From the line with "type: non-riverine alder, birch" through the line with "tree height: > 5 m", repeat the entries verbatim, both end lines included, and add nothing.
# # # # #
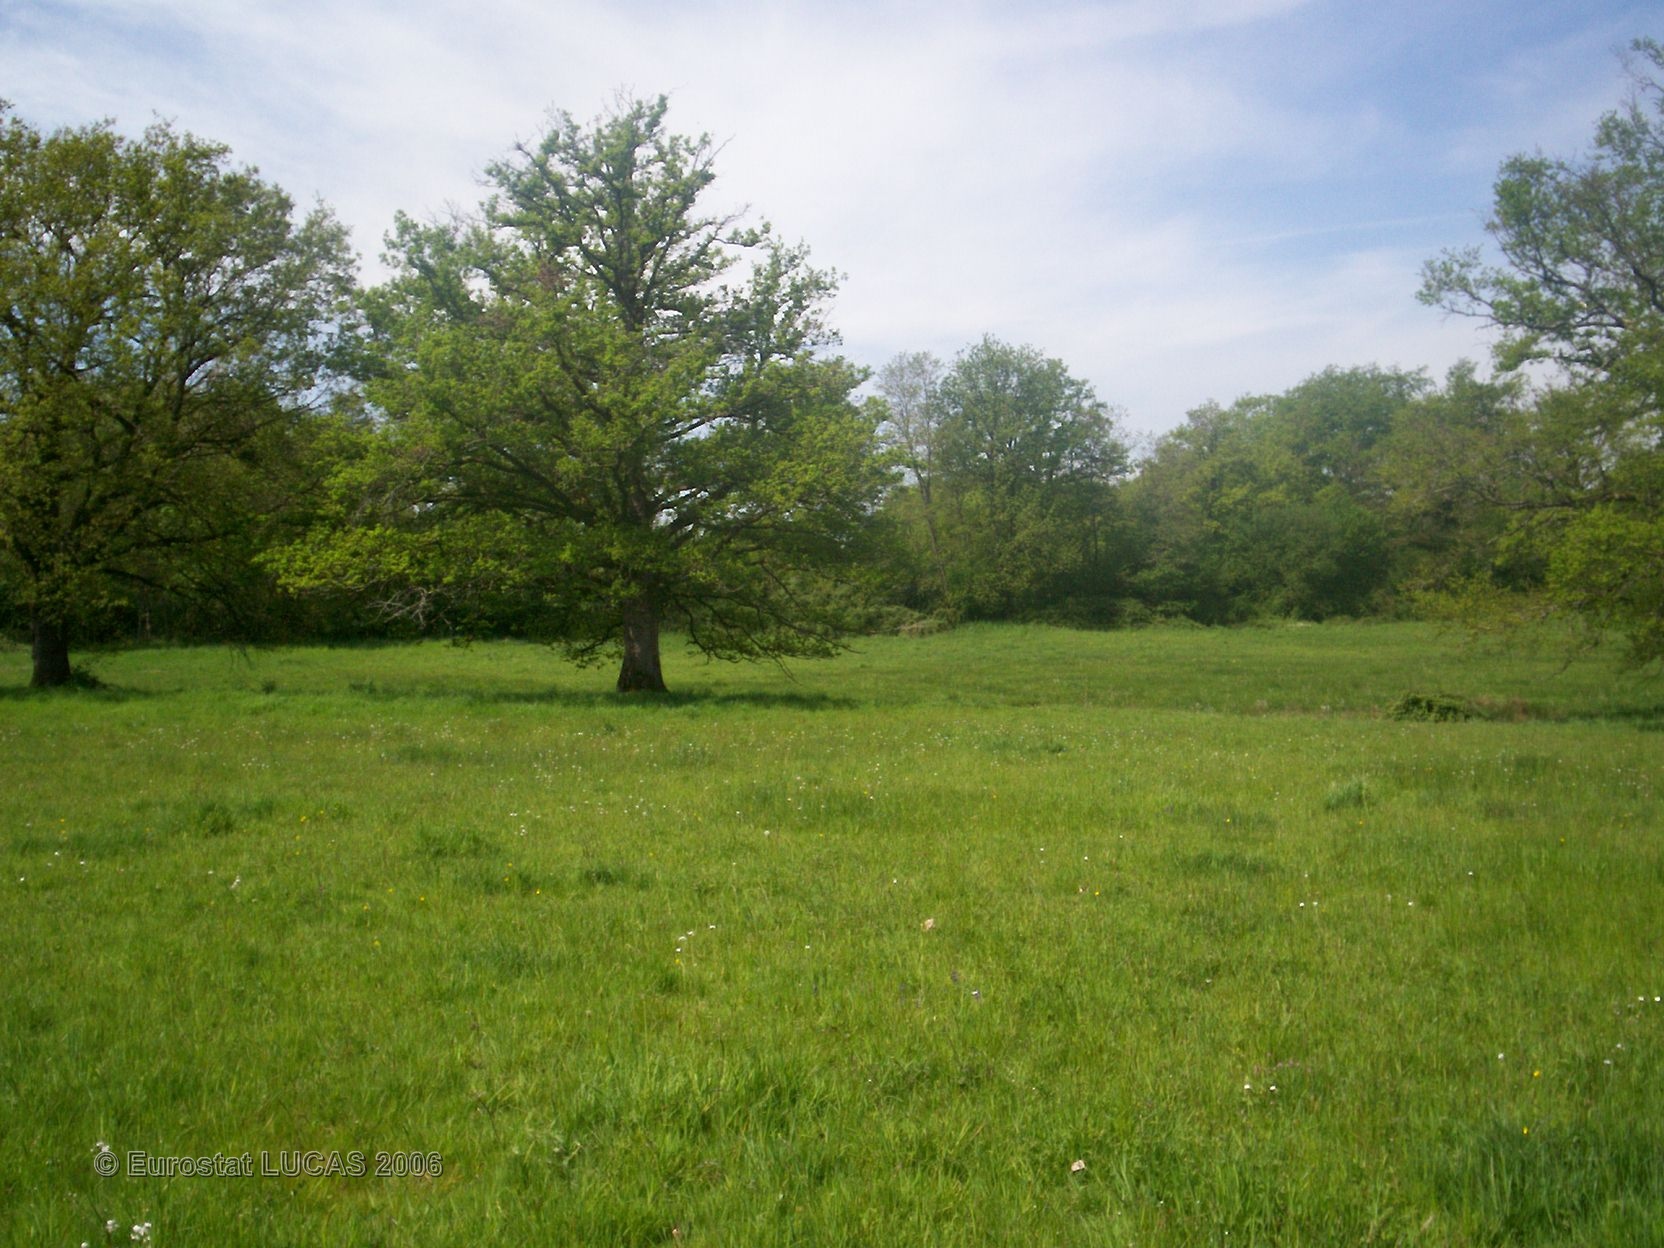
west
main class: Grassland
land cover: Grassland without tree/shrub cover
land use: Agriculture (excluding fallow land and kitchen gardens)
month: May
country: FR
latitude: 45.9619
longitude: 0.6828
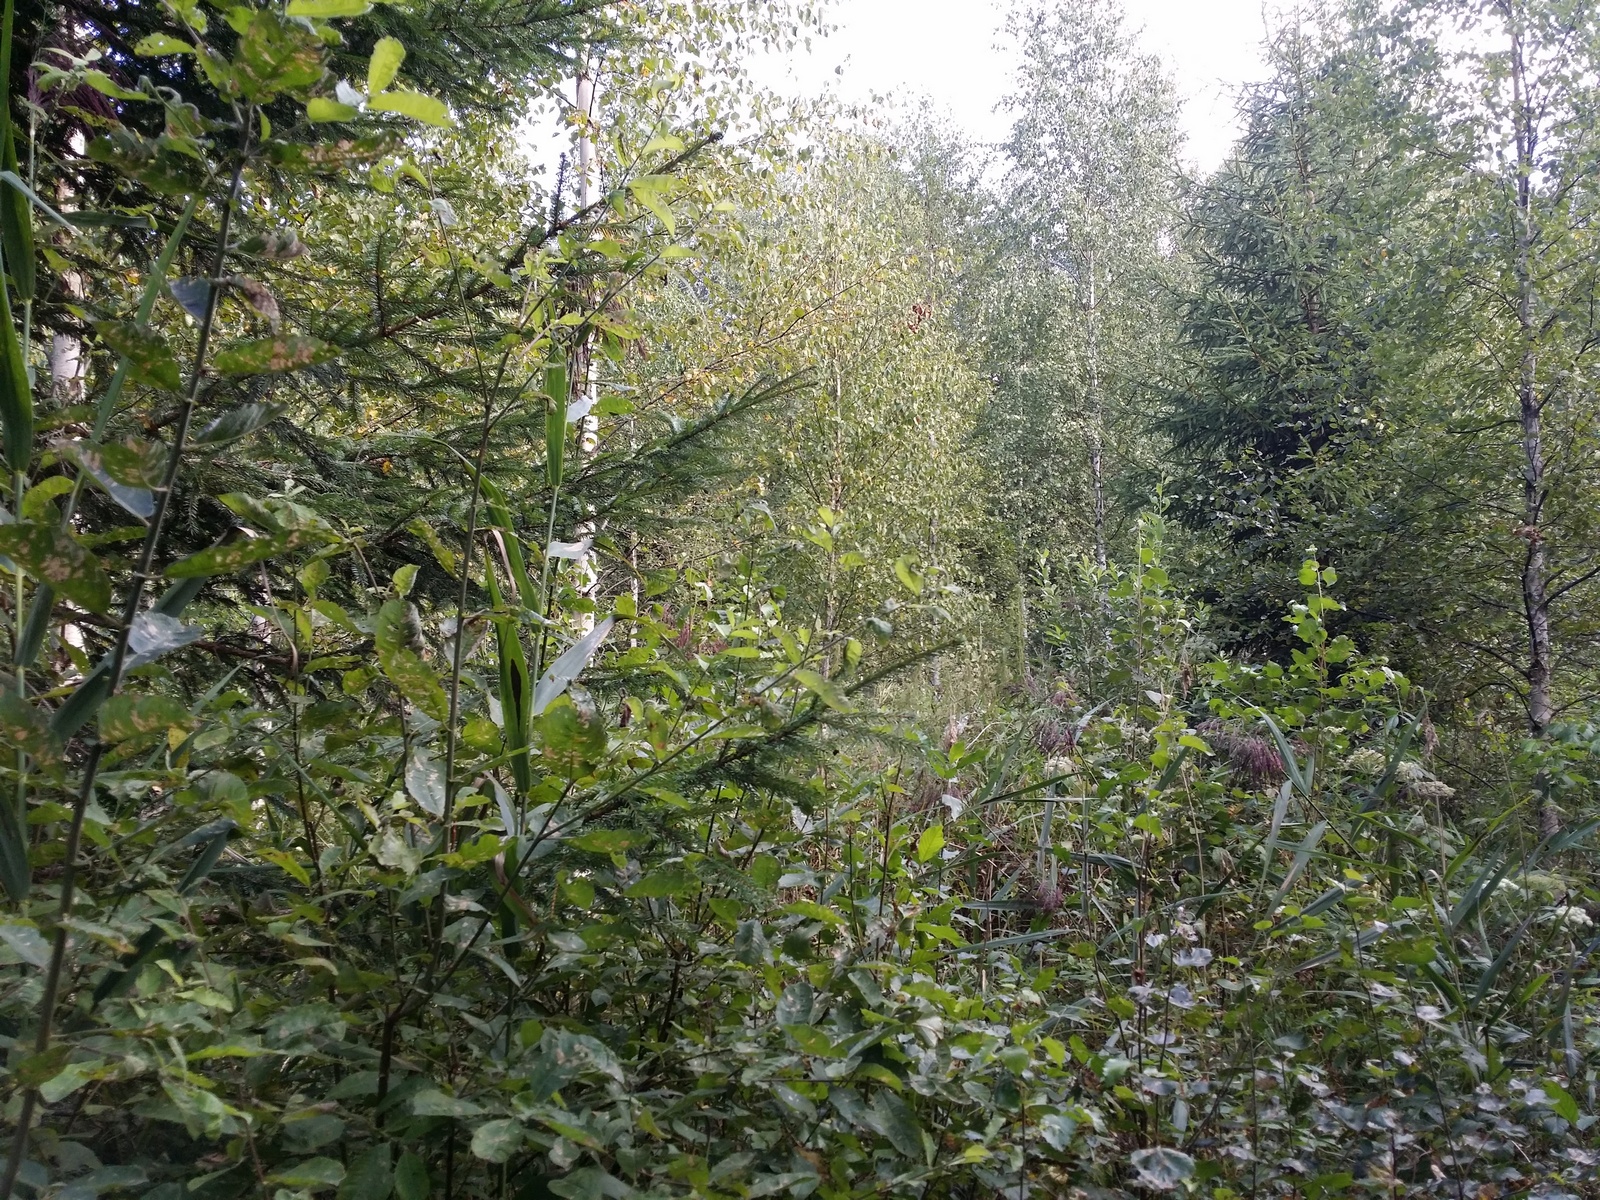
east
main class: Woodland
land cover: Broadleaved woodland
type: non-riverine alder, birch or aspen forest
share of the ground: > 75 %
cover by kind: broadleaved forest trees 75 %, shrubs 15 %, coniferous forest trees 10 %
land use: Forestry
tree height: > 5 m
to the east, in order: Broadleaved woodland; Ditches and canals; Grassland with sparse tree/shrub cover; Broadleaved woodland; Other mixed woodland; Abandoned hedges; Ditches and canals; Broadleaved woodland; Ditches and canals; Broadleaved woodland; Shrubland with sparse tree cover
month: August
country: LV
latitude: 57.2989
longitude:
# # # # #
### Exercise response
type: non-riverine alder, birch or aspen forest
share of the ground: > 75 %
cover by kind: broadleaved forest trees 75 %, shrubs 15 %, coniferous forest trees 10 %
land use: Forestry
tree height: > 5 m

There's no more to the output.